= Beginning of Section =

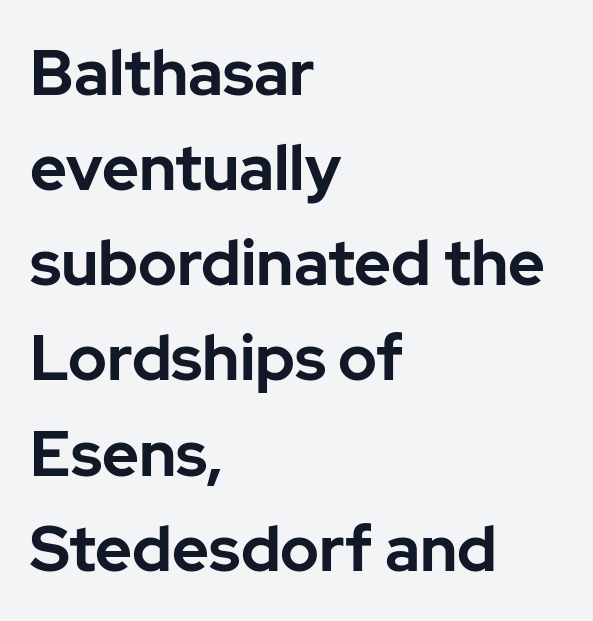
The image shows 63 px bold sans-serif type, upright; set left-aligned, normal line spacing (1.51x), normal letter spacing, not underlined; low stroke contrast and a medium x-height.
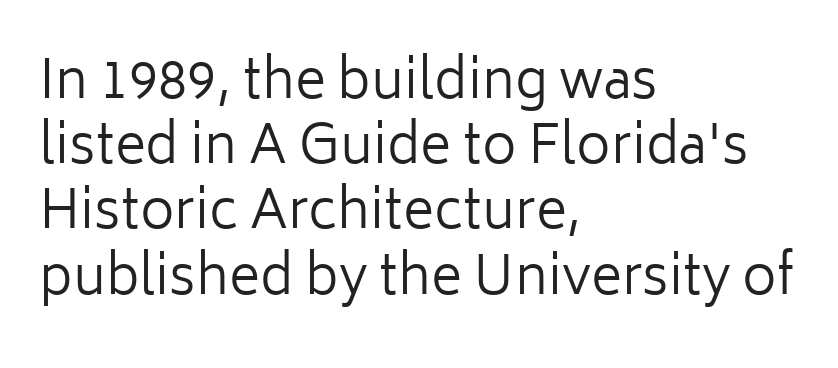
The image shows 53 px regular-weight sans-serif type, upright; set left-aligned, line spacing 1.23x, normal letter spacing, not underlined; low stroke contrast and a medium x-height.
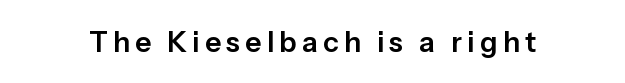
Character widths vary here, with narrow letters taking less room than wide ones. Each row of text sits above clean, open space. A typesetter would label this face a sans. Designer's note — italics off, roman on.
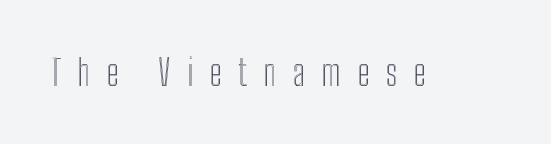
The image shows 36 px condensed type, upright; set unusually wide letter spacing (+0.45 em), not underlined; a medium x-height.

= End of Section =

Exercise:
Search the material for the word "wide" and copy every matching line.

Output for this task:
Character widths vary here, with narrow letters taking less room than wide ones. Each row of text sits above clean, open space. A typesetter would label this face a sans. Designer's note — italics off, roman on.
The image shows 36 px condensed type, upright; set unusually wide letter spacing (+0.45 em), not underlined; a medium x-height.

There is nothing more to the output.